Follow-up: How would you detect a stack overflow in a production system?Follow-up Answer:
  • The kernel places a guard page (a page with no permissions) at the bottom of the stack. If the stack grows into it, the hardware triggers a page fault that becomes SIGSEGV. You can install a signal handler for SIGSEGV using sigaltstack (which provides an alternate stack for the handler itself, since the main stack is blown). GCC’s -fstack-protector-strong places canary values between local variables and the return address; if a buffer overflow overwrites the canary, the runtime detects it and aborts. For deeper monitoring, use getrlimit(RLIMIT_STACK) to check limits and log warnings when recursion depth approaches critical levels.
Strong Answer:
  • mmap asks the kernel to map a region of virtual address space. For file-backed mappings, the file’s contents are lazily loaded into memory on first access (page faults trigger disk reads). For anonymous mappings (MAP_ANONYMOUS), the kernel provides zero-filled pages on demand. In both cases, the actual memory consumption is proportional to the pages you touch, not the size you request.
  • malloc already uses mmap internally for large allocations (typically above 128KB in glibc). The advantage of calling mmap directly is control: you can specify alignment, use MAP_HUGETLB for huge pages (reducing TLB misses for very large datasets), use MAP_POPULATE to pre-fault all pages (avoiding latency spikes during access), and use madvise to tell the kernel about your access pattern (MADV_SEQUENTIAL for sequential scans, MADV_RANDOM for random access).
  • The key difference from malloc: munmap immediately returns memory to the OS. With malloc/free, glibc may hold onto freed memory in its free list for future allocations, so RSS does not decrease even after freeing. For a process that does a large computation and then wants to release that memory, mmap/munmap gives you that guarantee.

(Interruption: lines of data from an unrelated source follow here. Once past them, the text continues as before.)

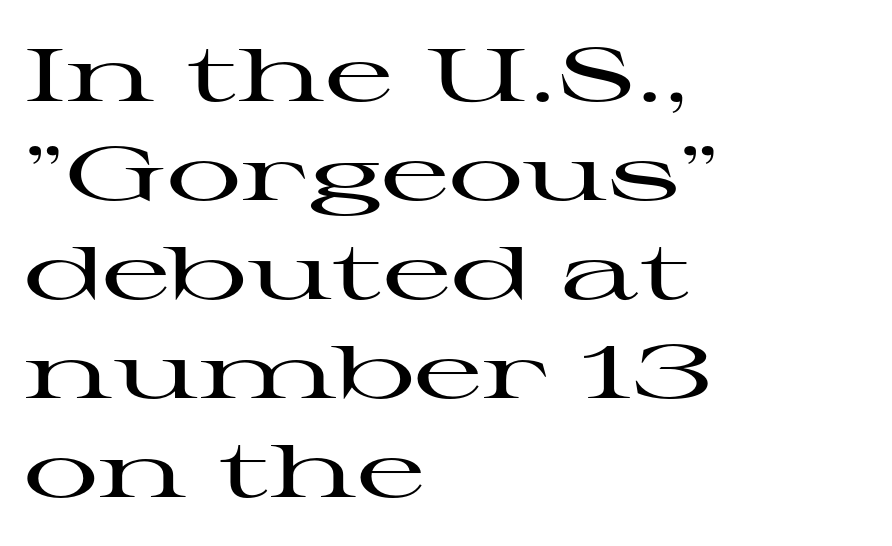
{"serif": "yes", "italic": "no", "width": "wide", "stroke_contrast": "high", "x_height": "medium", "monospaced": "no", "underline": "no", "align": "left", "line_spacing": "normal", "line_spacing_ratio": 1.32, "letter_spacing": "normal", "letter_spacing_em": 0.0, "glyph_px": 75}
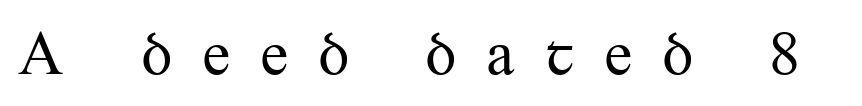
Proportional: the letters do not fall into vertical columns. The passage shown is typeset with a serif family. The space directly below the letters is spotless. The typeface has the unassuming heft of standard copy or less. There is plenty of visible air inserted between adjacent glyphs.
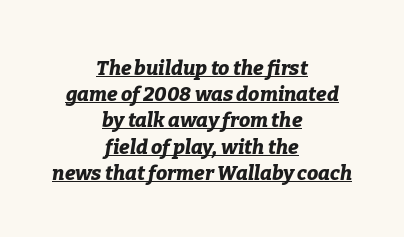
Q: Is the text bold? A: Yes.
Q: Is the text italic (slanted)? A: Yes, it leans right by about 9 degrees.
Q: Is the text underlined? A: Yes.
Q: How is the paragraph aligned? A: Centered.
Q: Is the spacing between letters normal or unusually wide? A: Normal.
Q: Is the spacing between lines tight, normal or loose? A: Normal.
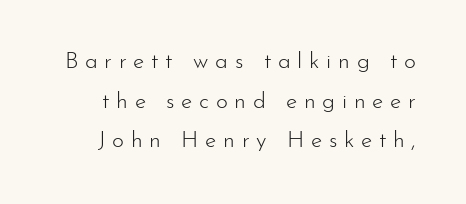
Q: Is the text bold? A: No.
Q: Is the text italic (slanted)? A: No, it is upright.
Q: Is the text underlined? A: No.
Q: Is the spacing between letters normal or unusually wide? A: Unusually wide.
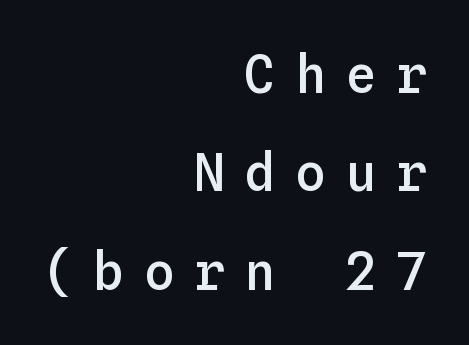
{"italic": "no", "bold": "semi", "weight": "semibold", "width": "normal", "stroke_contrast": "low", "x_height": "medium", "monospaced": "yes", "underline": "no", "align": "right", "line_spacing_ratio": 1.89, "letter_spacing": "wide", "letter_spacing_em": 0.37, "glyph_px": 52}
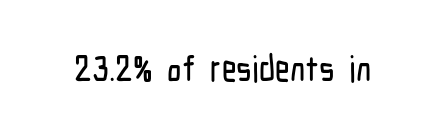
{"serif": "no", "italic": "no", "width": "condensed", "stroke_contrast": "low", "x_height": "medium", "monospaced": "no", "underline": "no", "letter_spacing": "normal", "letter_spacing_em": 0.0, "glyph_px": 36}
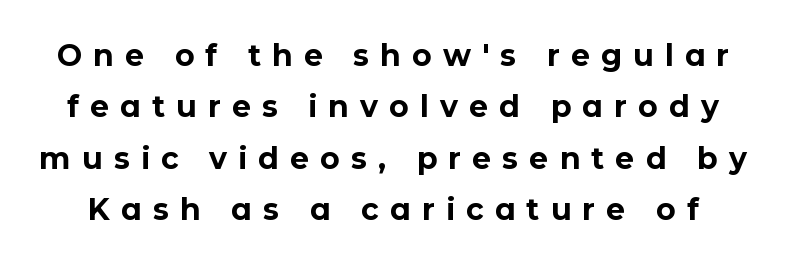
The image shows 30 px bold sans-serif type, upright; set line spacing 1.71x, unusually wide letter spacing (+0.37 em), not underlined; low stroke contrast and a medium x-height.

Follow-up: You are building a database engine that needs to access a 100GB file. How would you use mmap, and what are the pitfalls?Follow-up Answer:
  • Map the entire file with mmap(NULL, file_size, PROT_READ, MAP_PRIVATE, fd, 0). The OS pages data in and out transparently using the page cache. Use madvise(addr, len, MADV_RANDOM) for B-tree traversals (random access pattern) or MADV_SEQUENTIAL for full table scans. Pitfalls: (1) On 32-bit systems, you cannot map files larger than ~3GB. (2) Page faults on cold pages stall the thread for milliseconds (disk I/O), making latency unpredictable — this is why some databases like InnoDB manage their own buffer pool instead of relying on mmap. (3) The kernel’s page eviction policy may not match your workload — it might evict hot index pages to make room for a sequential scan. (4) Error handling is awkward: a disk read error during a page fault delivers SIGBUS, not an errno. You need a SIGBUS handler to recover gracefully.